This research project is unique in investigating the relationship between national award-winning pathologists and their originating medical schools. Specifically, little peer reviewed work has been published that investigates the effectiveness of each medical school in training their students and relates this to the future postgraduate success of each medical school’s alumni. We were only able to identify three authoritative studies [ 22 , 25 , 26 ]. The MedDifs study by McManus et al. [ 22 ] was the most comprehensive and included some components that were comparable to our study. The MedDifs study involved examining UK medical school performances using 50 different criteria that were either quantitative or qualitative in nature. These criteria were grouped into categories [ 22 ]:

Selection of applicants.

Student satisfaction.

Curricular influences.

Fitness to practise.

Choice of training specialty.

Postgraduate examination performance.

Foundation entry scores.

Perception of Foundation Year 1.

Teaching/learning and assessment.

Institutional history.

In comparing our study to the MedDifs study, we were obviously more limited in the number of factors pertinent to medical education that we considered and we followed a purely quantitative approach to the research. Unsurprisingly, McManus et al. were able to correlate their range of factors and reveal educational relationships. For example:

Medical schools that focused on Problem Based Learning tended to produce doctors that scored lower in postgraduate exams.

Doctors from the bigger medical schools tended to score worse in postgraduate exams.

Medical schools that focused on self-regulated learning produced doctors that tended to perform better in postgraduate exams.

Both their study and ours shared the limitation of not being able to assess and compare medical school courses in undergraduate medical degrees. Furthermore, the MedDifs project was much more limited in its ability to identify causal relationships between its investigated educational factors.

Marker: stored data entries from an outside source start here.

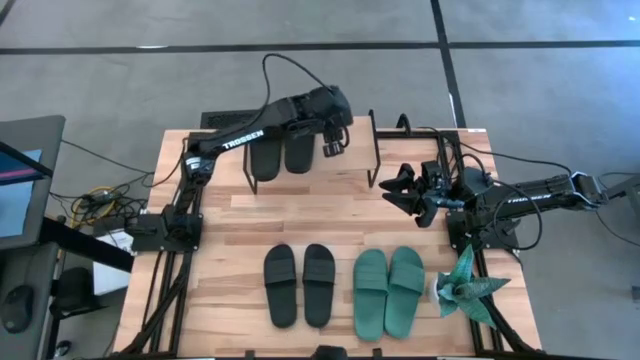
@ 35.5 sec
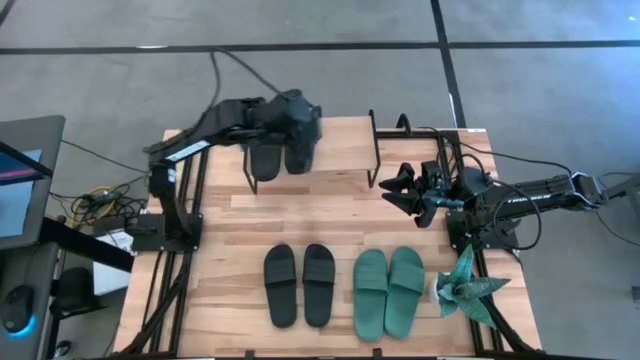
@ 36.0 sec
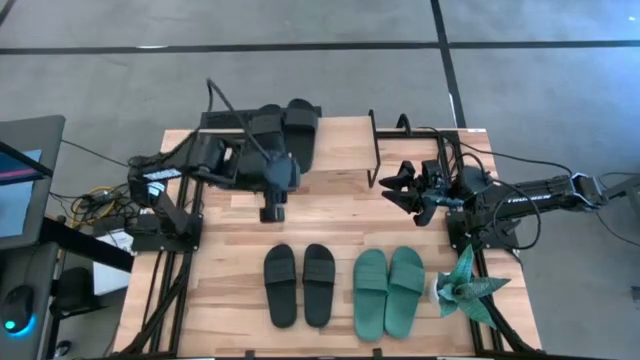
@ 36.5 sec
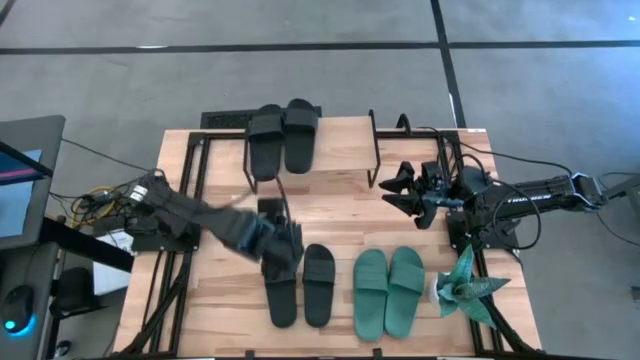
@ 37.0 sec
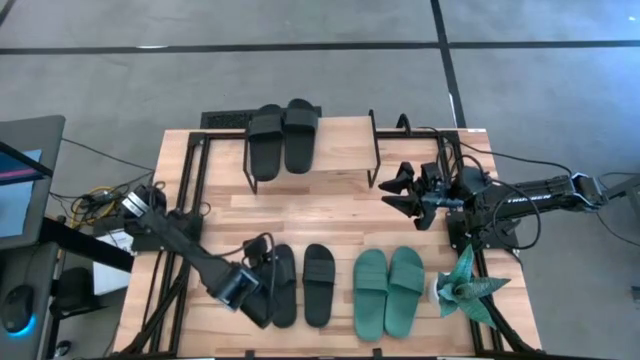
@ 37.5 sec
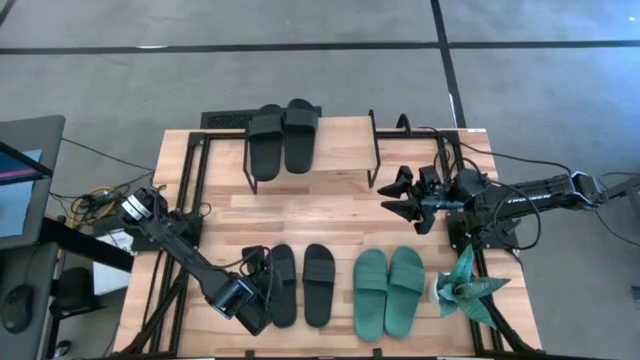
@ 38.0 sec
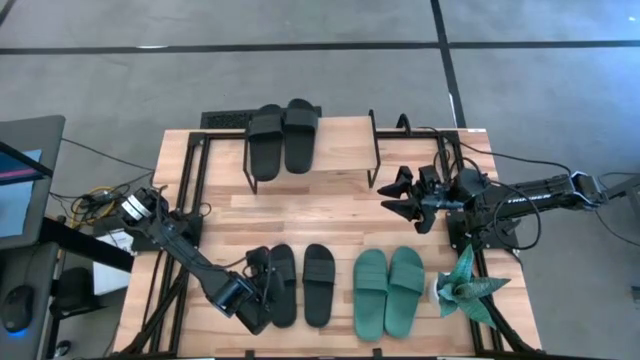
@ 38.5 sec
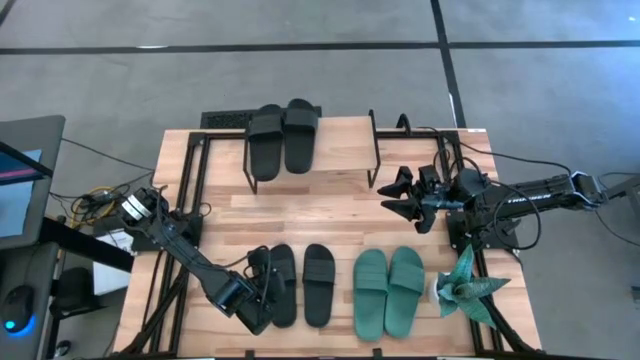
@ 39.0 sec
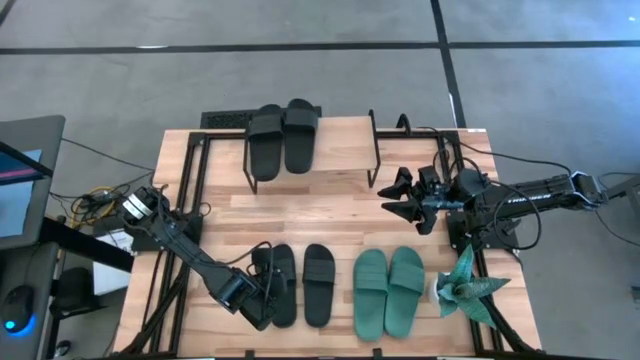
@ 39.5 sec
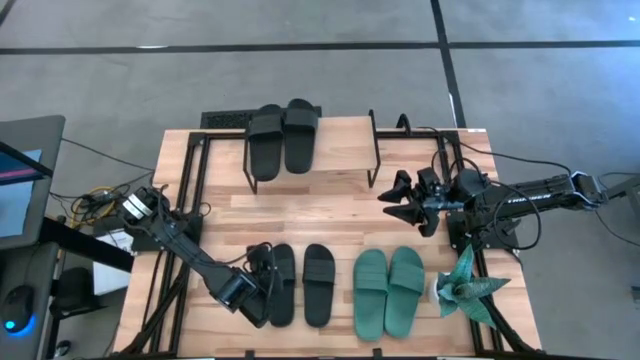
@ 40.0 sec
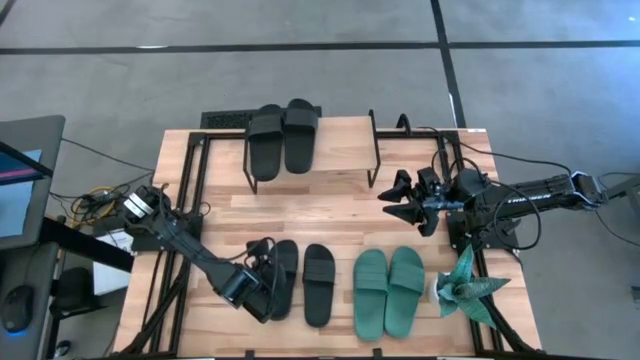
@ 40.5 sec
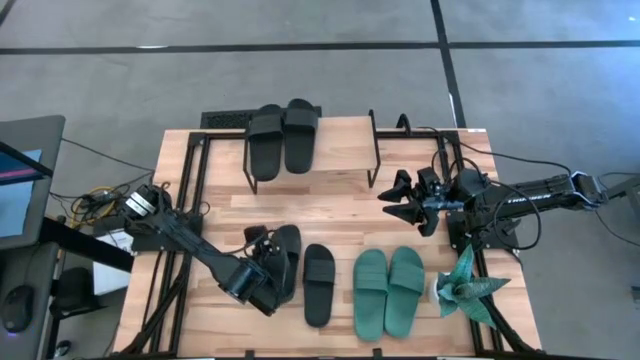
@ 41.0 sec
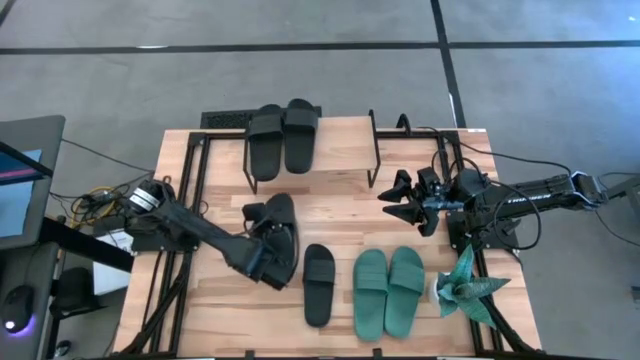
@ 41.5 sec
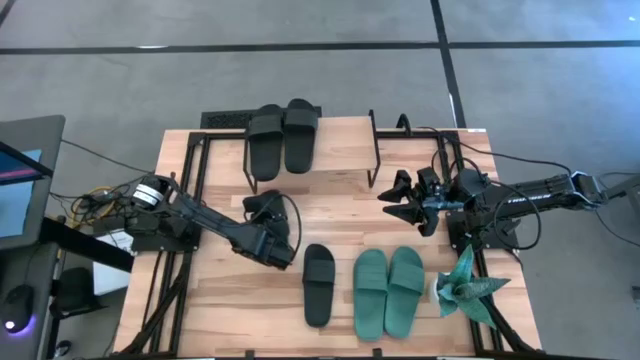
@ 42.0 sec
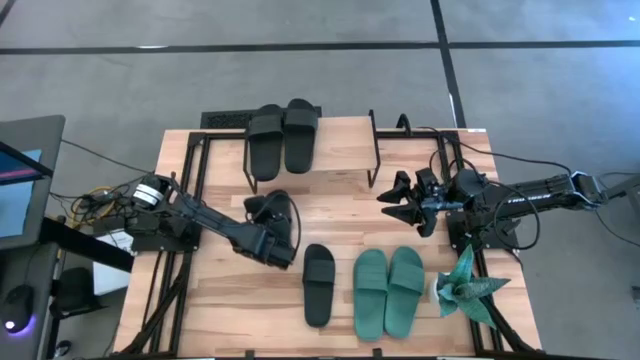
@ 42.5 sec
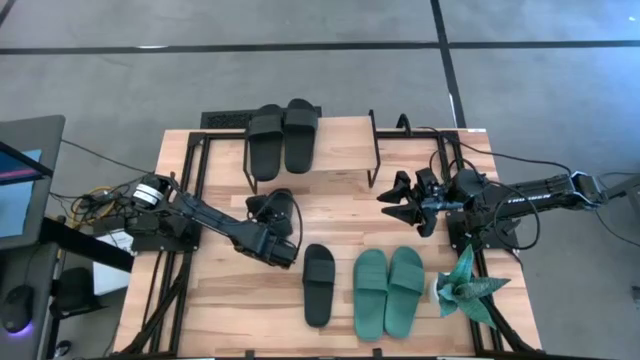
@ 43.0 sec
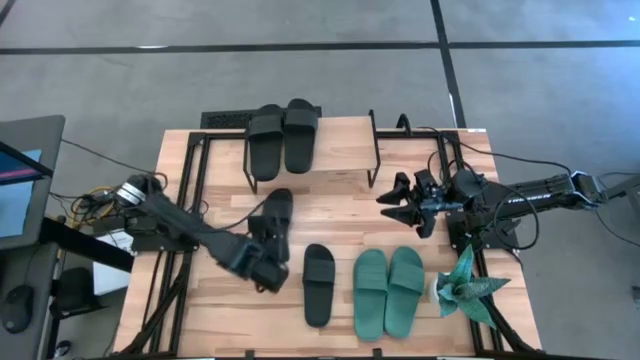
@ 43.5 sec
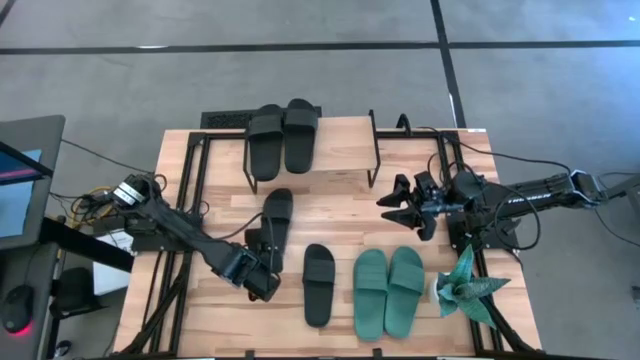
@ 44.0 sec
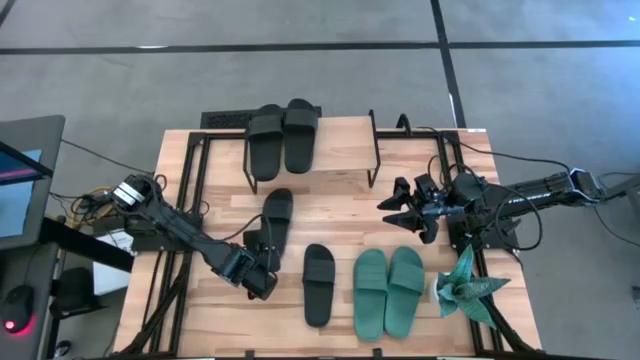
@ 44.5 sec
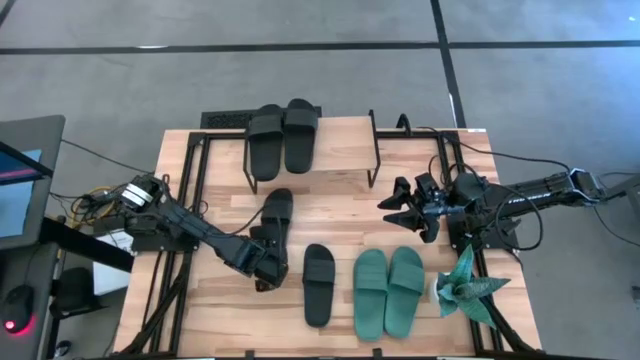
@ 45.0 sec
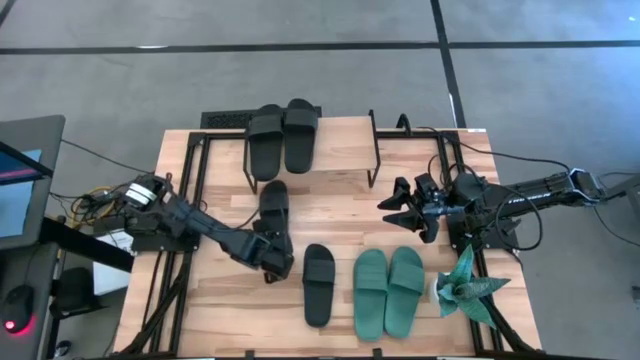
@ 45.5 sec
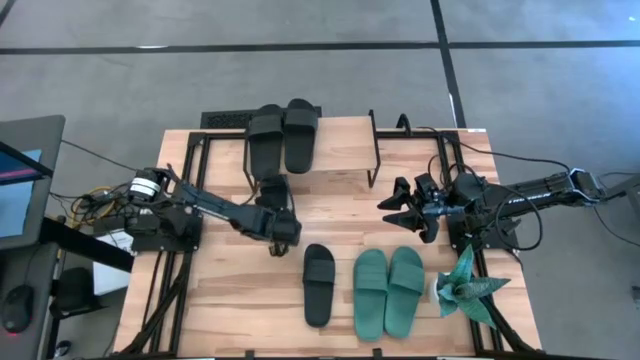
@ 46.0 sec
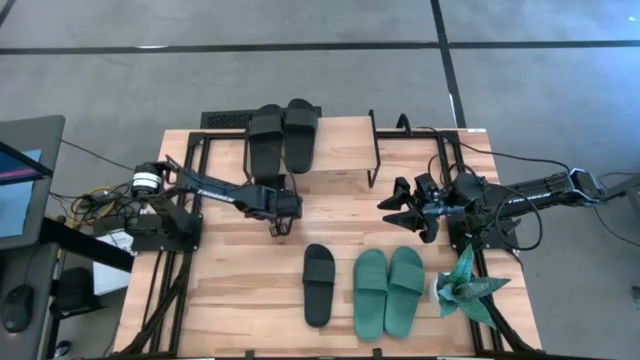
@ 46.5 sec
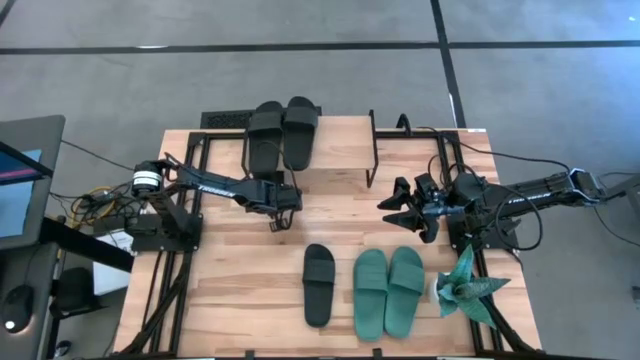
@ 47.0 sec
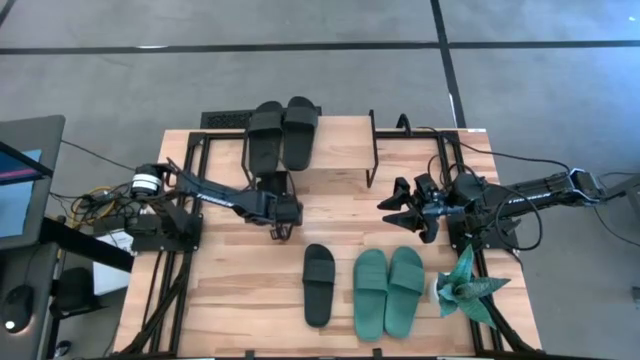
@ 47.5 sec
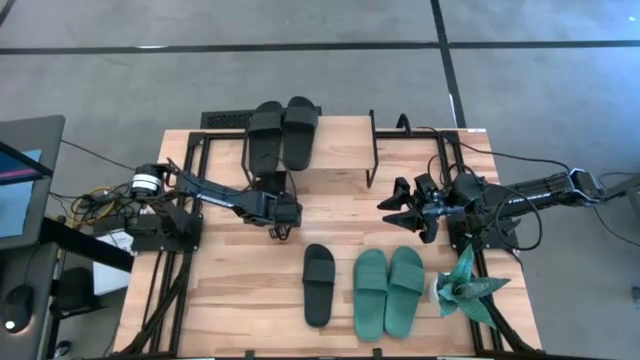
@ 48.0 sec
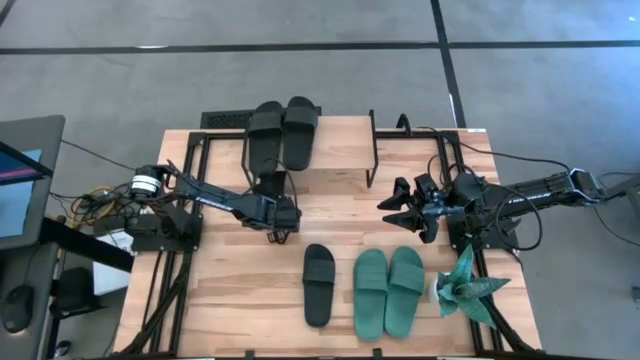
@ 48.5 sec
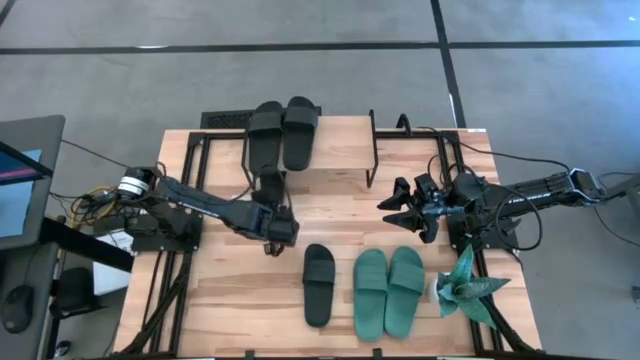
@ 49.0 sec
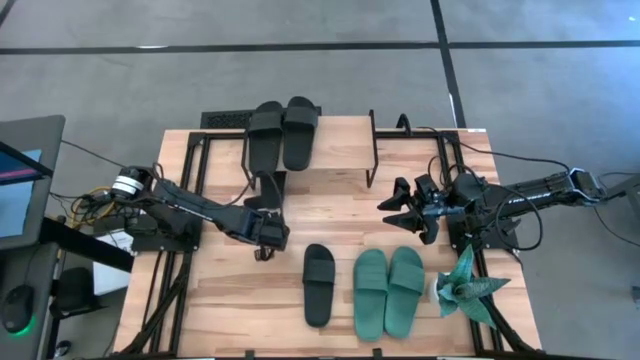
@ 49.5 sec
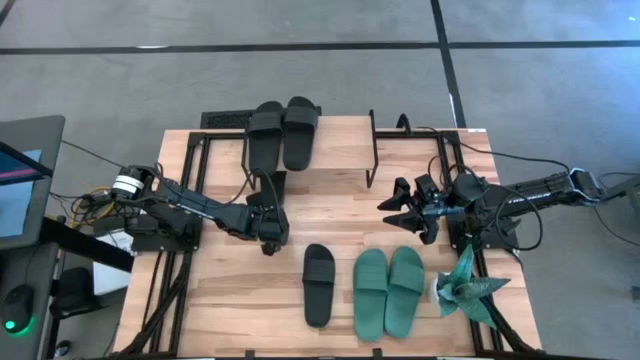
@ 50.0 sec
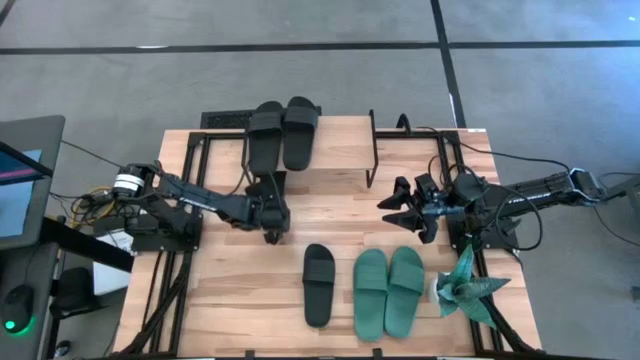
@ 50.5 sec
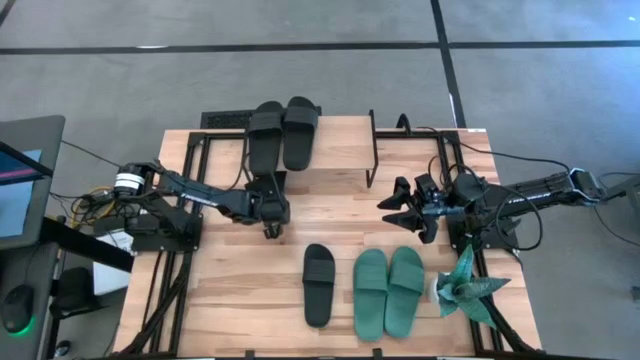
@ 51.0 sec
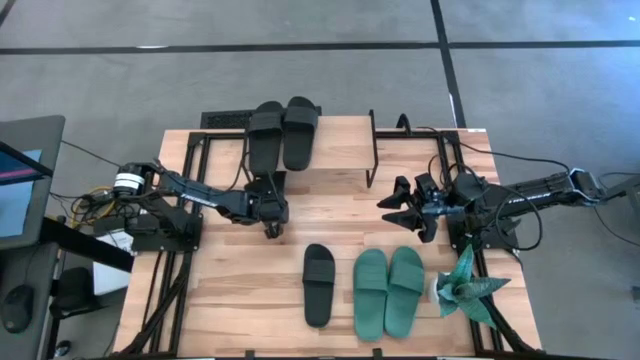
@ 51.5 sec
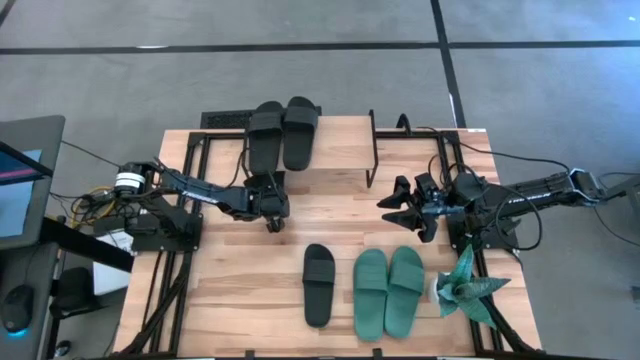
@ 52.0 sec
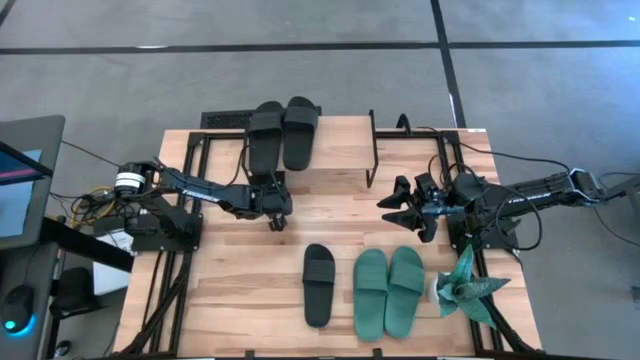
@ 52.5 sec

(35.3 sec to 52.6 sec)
Task: Pick and place slides into the shelf
Put the black slipper under the shelf

In order to investigate the possible causalities in our presented medical school rankings for pathologist, non-pathologist and all merit award-winners (Table  1 ), we reviewed the histories of the UK medical schools [ 27 , 28 , 29 , 30 , 31 , 32 , 33 , 34 , 35 , 36 ]. We noted that all seven of the oldest medical schools in the UK, measured by establishment date, were present in our top 10 medical school rankings by award-winners for pathologists and non-pathologists. These were all established prior to 1826 and were Birmingham (1825), Manchester (1824), Aberdeen (1786), St Bartholomew’s university (1785), Glasgow (1751), St George’s London University (1733) and Edinburgh (1726) medical schools. Moreover, Oxford medical school was known to have been teaching medicine since the 12th century and Cambridge had been teaching medicine since 1524; in essence, these two medical schools had been teaching clinical disciplines before the formal establishment process had even been formed. Accordingly, it can be stated that of the top 10 medical school rankings (Table  1 ), 8 are the oldest medical schools in the UK.

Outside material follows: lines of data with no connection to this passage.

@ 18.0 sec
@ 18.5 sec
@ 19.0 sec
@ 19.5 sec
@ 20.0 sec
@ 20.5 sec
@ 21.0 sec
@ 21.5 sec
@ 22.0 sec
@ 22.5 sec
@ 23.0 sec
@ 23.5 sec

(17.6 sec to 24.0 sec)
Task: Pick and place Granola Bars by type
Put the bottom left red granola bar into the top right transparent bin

Furthermore, none of the more modern medical schools (established after 1999) are represented in our top 10 medical school rankings (Table  1 ). So, Warwick (2000), Norwich (2000), Peninsula (2000), Brighton and Sussex (2002), Hull York (2003), Keele (2003) and Swansea (2004) are not represented our top 10 (or top 20) medical school award-winner rankings. Whilst it may be understandable that the younger medical schools established within the last ten years may not yet have had time for their alumni to distinguish themselves to national merit award levels, it is less clear that this explanation accounts for the dearth of top 10 ranked medical schools established around the year 2000.

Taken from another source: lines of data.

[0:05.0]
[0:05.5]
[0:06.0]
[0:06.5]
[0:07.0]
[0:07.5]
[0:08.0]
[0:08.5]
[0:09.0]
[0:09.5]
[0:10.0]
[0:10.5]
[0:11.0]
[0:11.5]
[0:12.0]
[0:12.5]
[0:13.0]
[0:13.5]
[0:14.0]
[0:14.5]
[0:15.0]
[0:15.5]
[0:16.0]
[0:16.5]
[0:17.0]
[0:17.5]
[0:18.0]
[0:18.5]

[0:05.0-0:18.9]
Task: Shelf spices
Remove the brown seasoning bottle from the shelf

In summary , our observations are consistent with at least a correlation between medical school age and the number of subsequent graduates becoming merit award-winners. Furthermore, on evaluating the top 20 university medical schools a moderate and positive correlation was found between the age of the medical school by establishment date and the number of award-winners corrected by size, r [ 18 ] = 0.47, p  = 0.04.

After considering the totality of the results of our research study and also accepting the previous results of the studies into UK medical school education [ 22 , 25 , 26 ], in Fig.  1 we reiterate a model first described, elucidated and published earlier last year [ 14 , 15 ] - a model accounting for the age-dependent differential medical school performance in creating award-winning pathologists:

Cycles of institutional memory and experience

Because of their greater age, the older university medical schools have accrued more institutional memory and experience in medical education than the more youthful medical schools. Accordingly, the older medical schools have a better chance of generating successful graduates - potentially before some of the younger medical schools have even become established.

As the older university medical schools appear to produce larger numbers of obviously successful alumni, they will garner positive reputations and inevitably be designated as more prestigious institutions. Consequently, ambitious , competent and career-focused students are more likely to be apply to these university medical schools.

Having produced more successful students, these older university medical schools will also have accumulated more experience in positively managing and educating such high-achieving students. Such experience will also coincide with improved support for the better educators in the medical school.

As a result, these older university medical schools with greater institutional memory and experience will tend to progressively and steadily accumulate a greater percentage of the most able students and educators .

Ultimately, the students in these older medical schools will tend to receive and benefit from better quality teaching , better mentoring and better medical career advice .

Thus, these older university medical schools will produce better educated, better advised and better prepared doctors who are more likely to become merit award-winners. There will also be an additional benefit to the originating medical school of having trained such high-achievers; they will accumulate greater experience in training award-winners, so adding to the institutional memory of successful education. The cycle will then repeat.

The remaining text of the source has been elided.